But, thanks to lots of help from Ryan, the frame rate has easily doubled. This should mean that I can go ahead and add particles and god powers and not have to worry about the frame rate any more. Note that I said “should”…
And if you’re an artist or modeller, check out Ryan’s new utility CrazyBump. It “creates normal maps directly from textures”. Not being an artist I don’t know what that means, but lots of people seem to like it.
I’m curious – what did you do to increase the performance?
I’m going to write a whole article about how I did my terrain once the game is done, but here’s what it boiled down to:
* Removed the center point from the water quads, halving the number of water triangles being drawn.
* Used index buffers to only draw the terrain and water in a radius around the look-at point instead of drawing the entire terrain every frame. This made my vertex buffers much smaller and also prevented me from having to update them every frame.
* I’m now testing to see if the camera has moved before updating the index buffers with new triangles to draw.
With these optimizations, I’m getting about 75 fps when the camera is still or rotating and about 45 when the camera is panning. The movement just “feels” much better now. I could probably do even better, and I probably will at some point. For instance, my water undulations are done using a cos(); I really need to get rid of that.
“For instance, my water undulations are done using a cos(); I really need to get rid of that.”
Um.. no chance of using vertex shaders? Other than that, the only thing that comes to my mind (apart from render-to-vertex-buffer trickery) is that if the api has some kind of matrix palette thingy for skinning, that might be useful..

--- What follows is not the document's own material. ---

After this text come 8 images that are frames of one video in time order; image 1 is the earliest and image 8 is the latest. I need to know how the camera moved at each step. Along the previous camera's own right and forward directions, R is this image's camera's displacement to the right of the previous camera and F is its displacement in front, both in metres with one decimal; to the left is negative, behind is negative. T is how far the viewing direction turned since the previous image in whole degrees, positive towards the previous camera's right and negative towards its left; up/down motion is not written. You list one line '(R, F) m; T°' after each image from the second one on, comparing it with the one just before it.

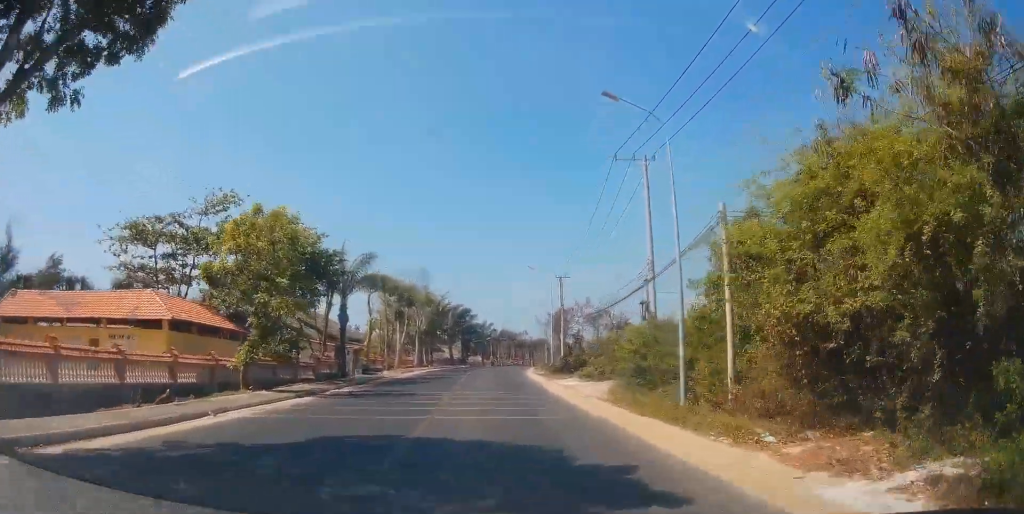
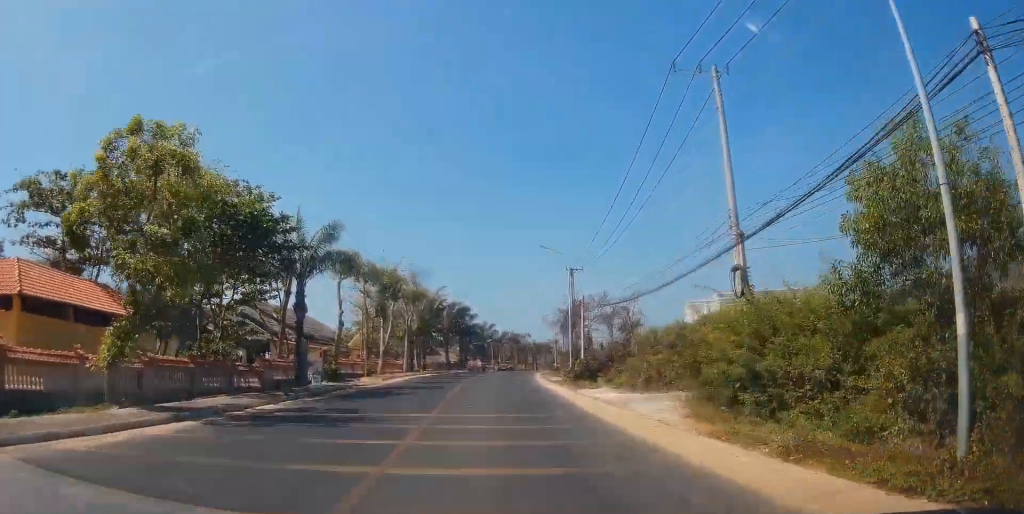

Anyhow, just based on that one line I’m guessing you’re spending a lot of time uploading vertices to video memory.
The fact that the index range thing really helped is surprising, as you should be able to render tons and tons of primitives at once. As long as you make sure the data is in the video memory and stays there. Perhaps it’s another side effect of transfering lots of static data around..
I don’t want to use vertex shaders because a) I would then have to learn vertex shaders and b) Planitia would not be able to run on video cards that didn’t have shaders.
And I would have thought that rendering the whole terrain every frame wouldn’t have been a big deal either, but apparently it was, especially on my home video card (a 6800 GT if I recall correctly). It’s possible I’m not doing something right with my vertex buffers, but again, I’m not sure what.
“Planitia would not be able to run on video cards that didn’t have shaders.”
Well, how many cards nowadays don’t support vertex shader model 1.0, or at least fixed functions? Not many. But of course I understand not exactly wanting to learn how to implement them… 🙂
Vertex shaders are automatically emulated in software if your card doesn’t support them! Hardware support is required for pixel shaders, but it’s optional for vertex shaders.
Mind you, without hardware support you won’t see any speed benefit from the shaders… but you won’t sacrifice compatibility either.
I agree with ya, though… now’s the time for God powers and particles and other shiny things!
… and after those shiny things have eaten away the framerate, then will come the time for further optimization!
Yes, first make it work, then make it fast.
You might consider disabling the waves and see if it has a dramatic effect on the framerate.. perhaps just animate the water texture or something, if so.